Tunisia’s former dictator, Zine El Abidine Ben Ali, has embezzled billions of dollars during his 24 years of reign, a report from the World Bank says.
The report noted that companies controlled by the dictator and his family garnered about 25 percent of the country's private sector profits.
It also showed how Ben Ali established and manipulated regulations for companies and investment to benefit his own family firms.
The regulations were "a smokescreen for extraction of rents," according to Bob Rijkers, lead author of the study.
The report identified 220 companies controlled by the former dictator and his family, including companies in telecommunications, the cement industry, automobiles, sugar, airlines, real estate, the food industry, and hotels and restaurants.
Financial activities of the firms, all controlled by Ben Ali, his wife Leila Trabelsi, and their children and siblings, were exposed in documents confiscated by the Tunisian government in the aftermath of the 2011 revolution.
The World Economic Forum regularly ranked the country as Africa's most competitive economy, and Tunisia was heralded by the International Monetary Fund as a model for others.

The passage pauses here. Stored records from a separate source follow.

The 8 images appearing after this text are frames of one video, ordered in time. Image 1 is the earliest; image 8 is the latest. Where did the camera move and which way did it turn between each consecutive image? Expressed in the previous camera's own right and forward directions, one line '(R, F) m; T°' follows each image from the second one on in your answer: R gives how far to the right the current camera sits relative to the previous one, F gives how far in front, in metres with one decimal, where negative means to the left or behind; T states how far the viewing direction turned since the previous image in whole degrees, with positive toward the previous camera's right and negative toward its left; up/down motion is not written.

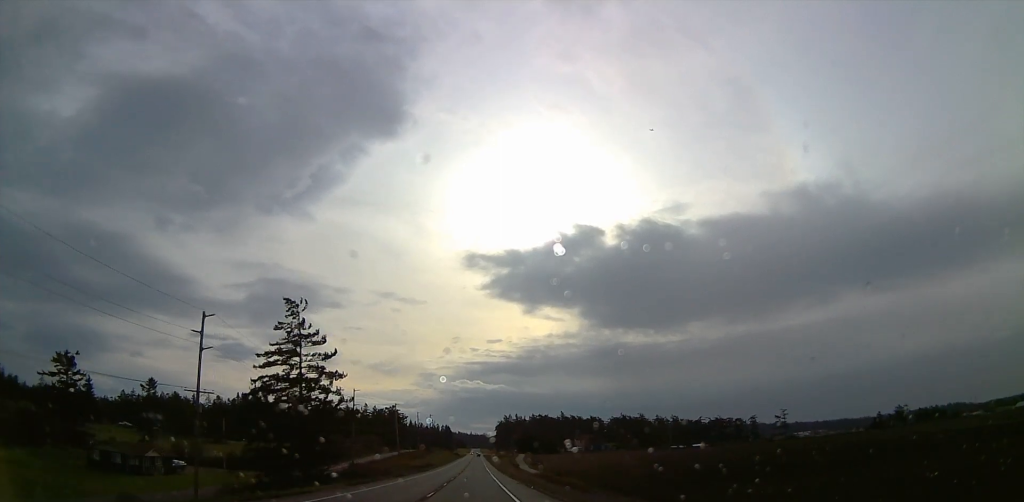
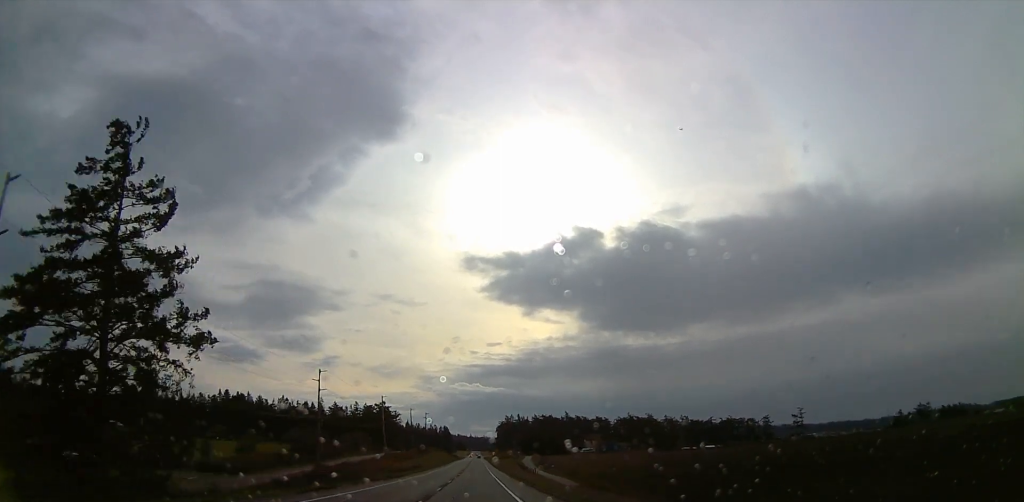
(0.0, +37.2) m; 0°
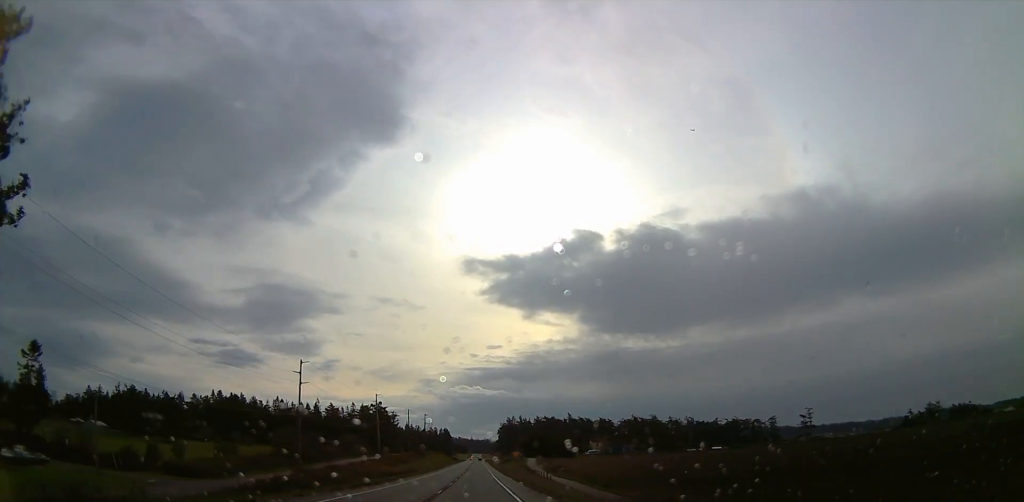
(0.0, +15.9) m; 0°
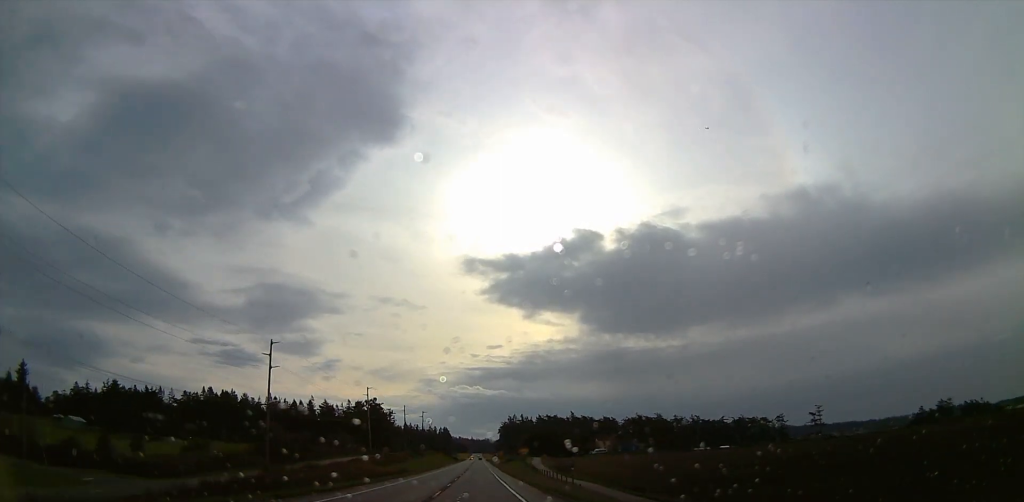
(0.0, +19.3) m; 0°
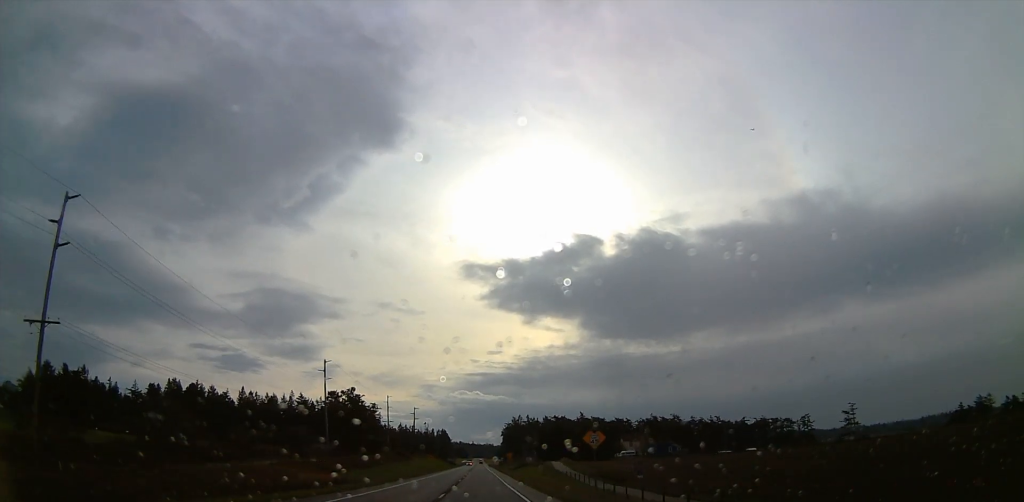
(0.0, +56.8) m; 0°
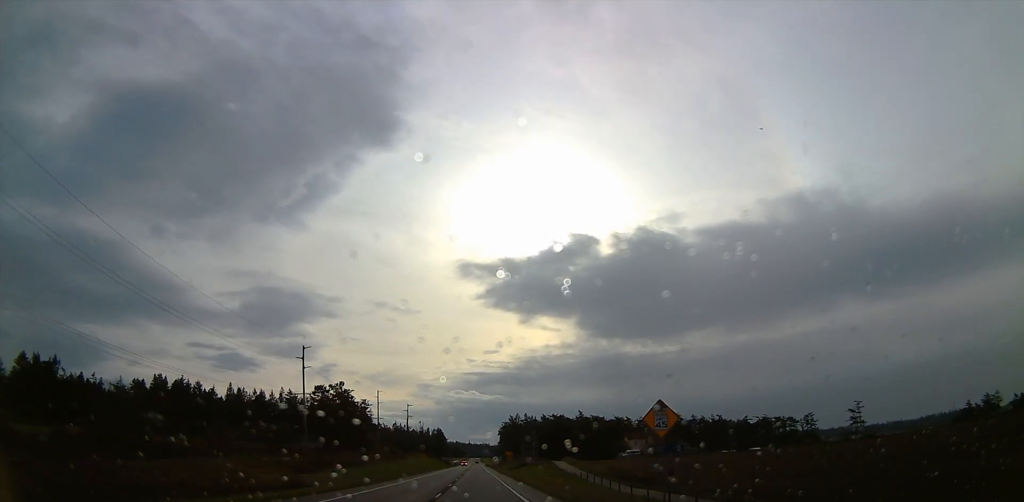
(0.0, +12.9) m; 0°
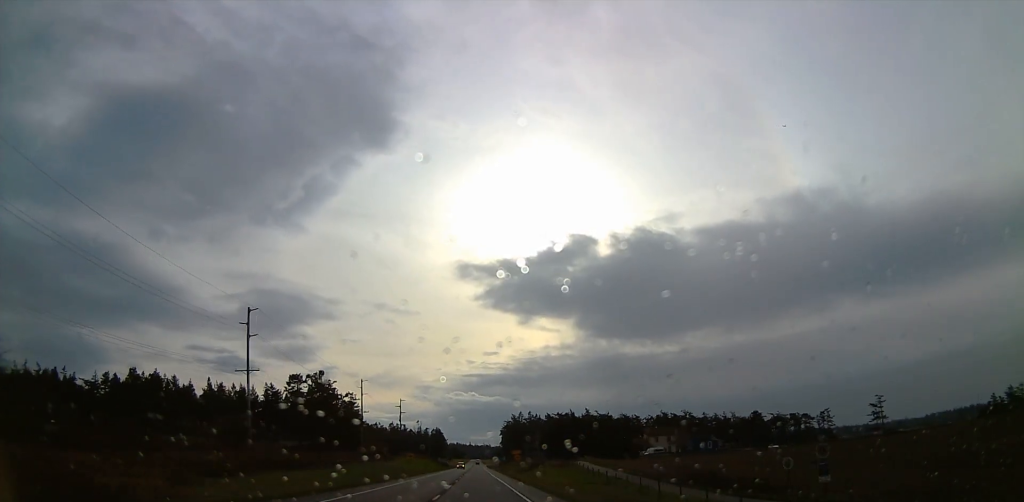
(0.0, +25.6) m; 0°
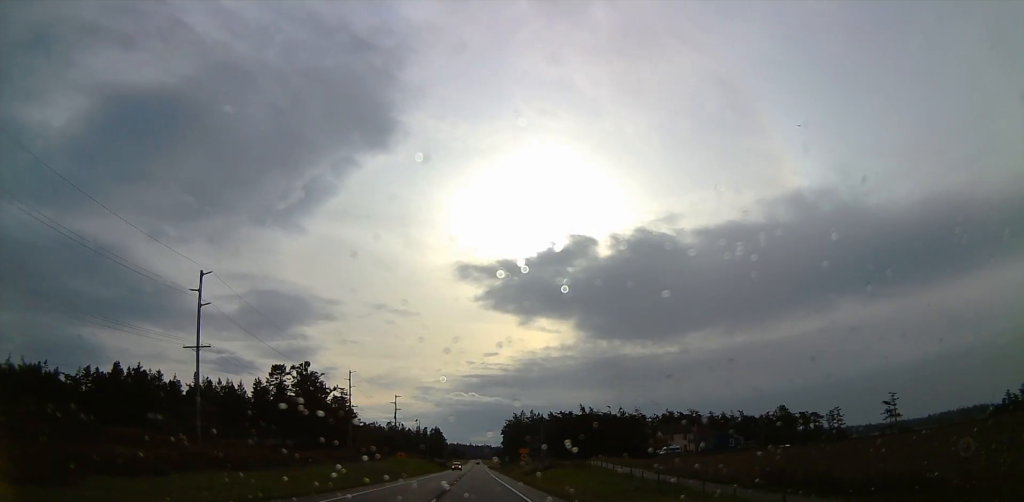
(0.0, +12.9) m; 0°
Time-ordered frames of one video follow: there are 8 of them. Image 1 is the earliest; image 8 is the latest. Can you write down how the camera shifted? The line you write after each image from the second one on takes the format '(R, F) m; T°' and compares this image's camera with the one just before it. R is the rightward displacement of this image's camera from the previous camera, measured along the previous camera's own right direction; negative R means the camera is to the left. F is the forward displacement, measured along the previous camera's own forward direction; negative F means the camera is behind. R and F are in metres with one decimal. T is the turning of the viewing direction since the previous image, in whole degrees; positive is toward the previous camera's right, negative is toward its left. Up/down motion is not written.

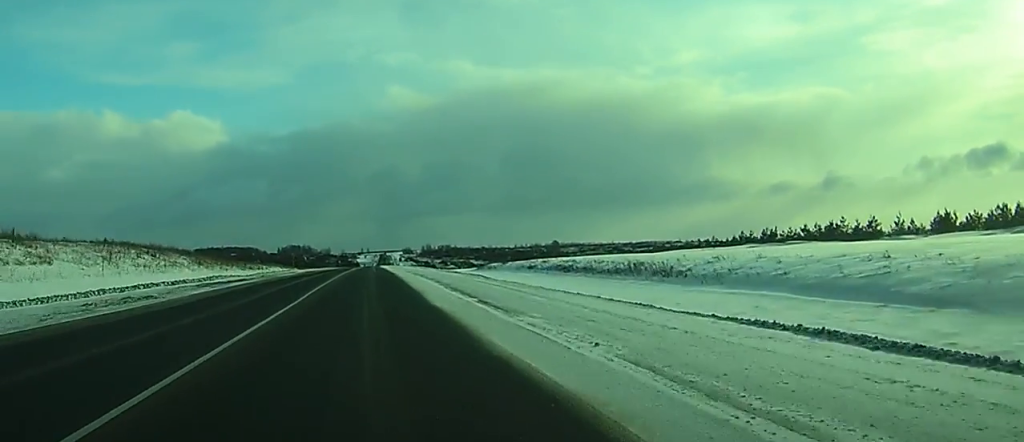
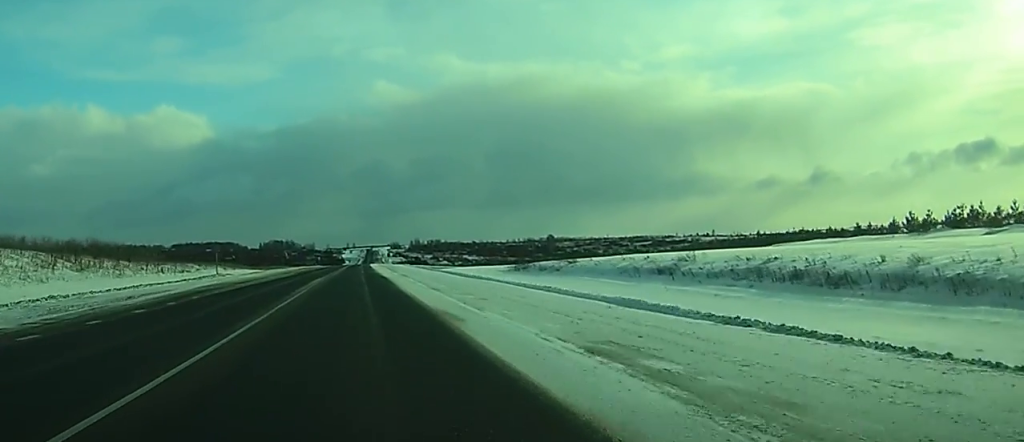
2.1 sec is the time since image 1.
(+1.0, +61.5) m; +1°
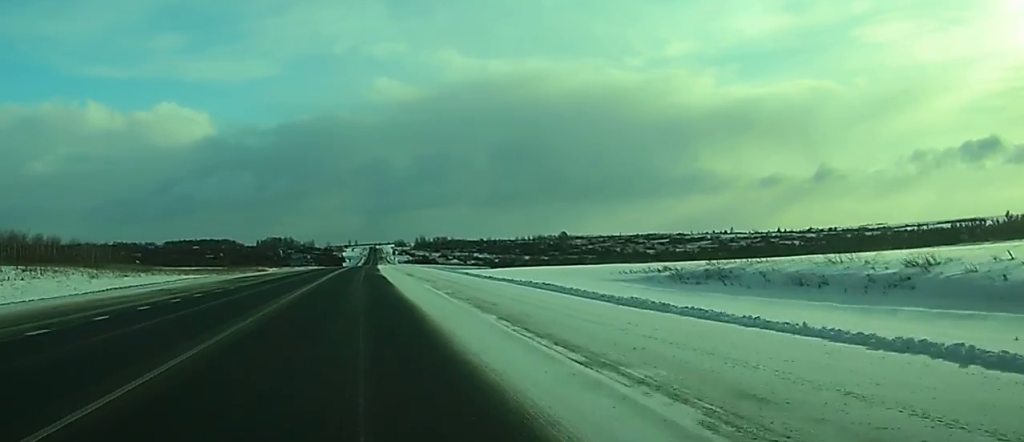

However the report said, “Tunisia's openness was largely a mirage, with large sectors of the economy closed, and many of these captured by interests close to the regime."
Ben Ali fled Tunisia in the aftermath of the country’s revolution and currently lives in exile in Saudi Arabia with his wife.
The former leader has already received two life sentences in prison for his regime’s crackdown on protesters prior to his ouster.
According to the United Nations figures, more than 300 people were killed and many others wounded in the former government’s crackdown on protests over corruption, unemployment, and high food prices.